ALBUQUERQUE, N.M. — A legal challenge by a Washington-based testing company may halt a controversial assessment exam in New Mexico and could tangle up other states using the same test.
A Santa Fe judge is scheduled to hear arguments Tuesday in an appeal by the American Institutes for Research who wants to limit a potentially multi-year contract given to Pearson for Common Core testing.
Last year, the London-based Pearson was awarded a contact given out by states belonging to a consortium for the Partnership for Assessment of Readiness for College and Careers exam, or PARCC.
According to court documents filed in Santa Fe District Court, the New Mexico Public Education Department’s requirements “unlawfully restricted competition by including a number of specifications that heavily favored one particular vendor and effectively precluded competition by requiring the use of one vendor’s propriety system” among other limitations.
New Mexico is a member of a PARCC consortium that originally included 11 other states and the District of Columbia.
That consortium, court documents say, “had an irreparable conflict of interest” in helping shape requirements for the contract that was crafted especially for Pearson.
AIR wants to reduce Pearson’s contract to a year and is seeking another bidding process for later contact years following a ruling by the New Mexico purchasing agent that the bidding process was fair.
John F. Kennedy, an attorney representing New Mexico, did not immediately return a phone message from The Associated Press.
A court ruling in favor of AIR could force New Mexico to open up bidding again, putting the future of the exam in the state in jeopardy and spark similar legal challenges in other states.
In Mississippi, the Board of Education adopted the PARCC tests on a one-year emergency contract after a state contract review board ruled that the multistate PARCC consortium chose vendor Pearson PLC without the competitive process required under Mississippi state law.

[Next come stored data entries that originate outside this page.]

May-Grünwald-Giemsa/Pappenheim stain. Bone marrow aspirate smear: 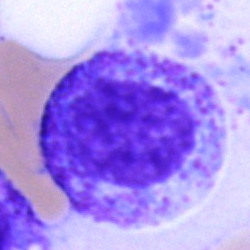
Morphology consistent with a progranulocyte.
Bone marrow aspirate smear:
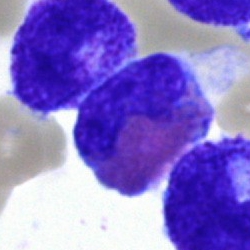The cell shown is an eosinophilic granulocyte.
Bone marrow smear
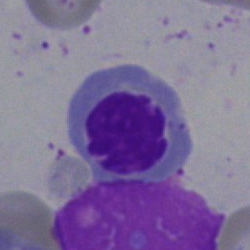

Cell: erythroblast.
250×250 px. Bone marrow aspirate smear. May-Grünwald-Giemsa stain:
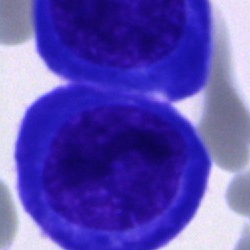

Plasmacyte.
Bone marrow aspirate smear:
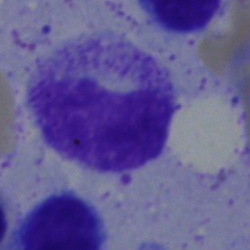
A metamyelocyte.
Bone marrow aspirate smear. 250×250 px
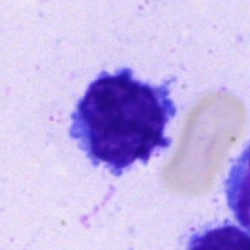
Q: What type of cell is this?
A: This is a typical lymphocyte.
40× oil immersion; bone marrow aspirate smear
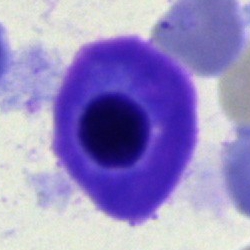Morphology — plasmacyte.
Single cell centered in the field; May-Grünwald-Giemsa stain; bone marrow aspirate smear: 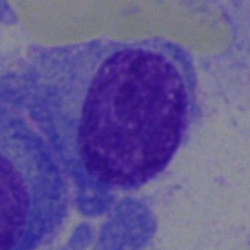 Morphology consistent with a plasmacyte.
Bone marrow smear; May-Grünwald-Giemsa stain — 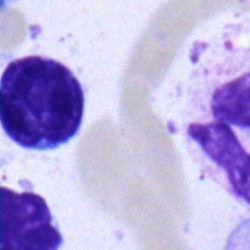 Q: What type of cell is this?
A: A typical lymphocyte.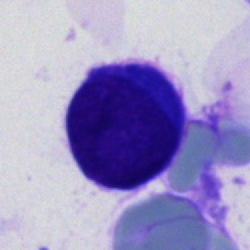

Morphology consistent with an unidentifiable cell.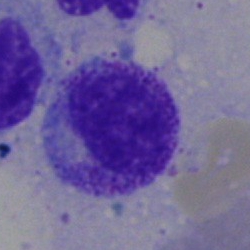The cell is metamyelocyte.
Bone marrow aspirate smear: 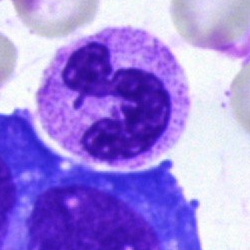Classification: neutrophil (segmented).
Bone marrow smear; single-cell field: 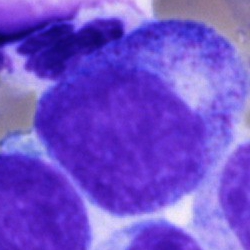Cell type = promyelocyte.
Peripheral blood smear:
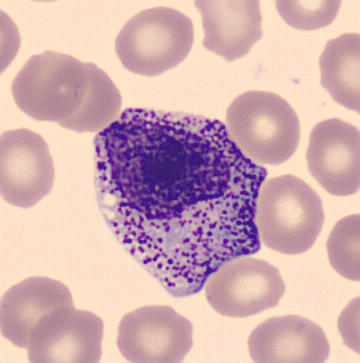 A promyelocyte.

The state is trying to award a new testing contract, although Mississippi officials say Pearson could still be chosen.
Mississippi also recently withdrew from the PARCC consortium amid anti-Common Core sentiments.
The backlash came as millions of U.S. students started taking the rigorous tests aligned with Common Core standards that outline math and language skills that should be mastered in each grade.
Last week, hundreds of high school students across New Mexico walked out of schools to protest the PARCC.
The Common Core test fulfill the requirement in the federal No Child Left Behind law for annual testing in reading and math in grades three to eight and again in high school. But as Congress seeks to rewrite the education law, there’s debate over whether the tests should be required by Washington, and whether students are being tested too much.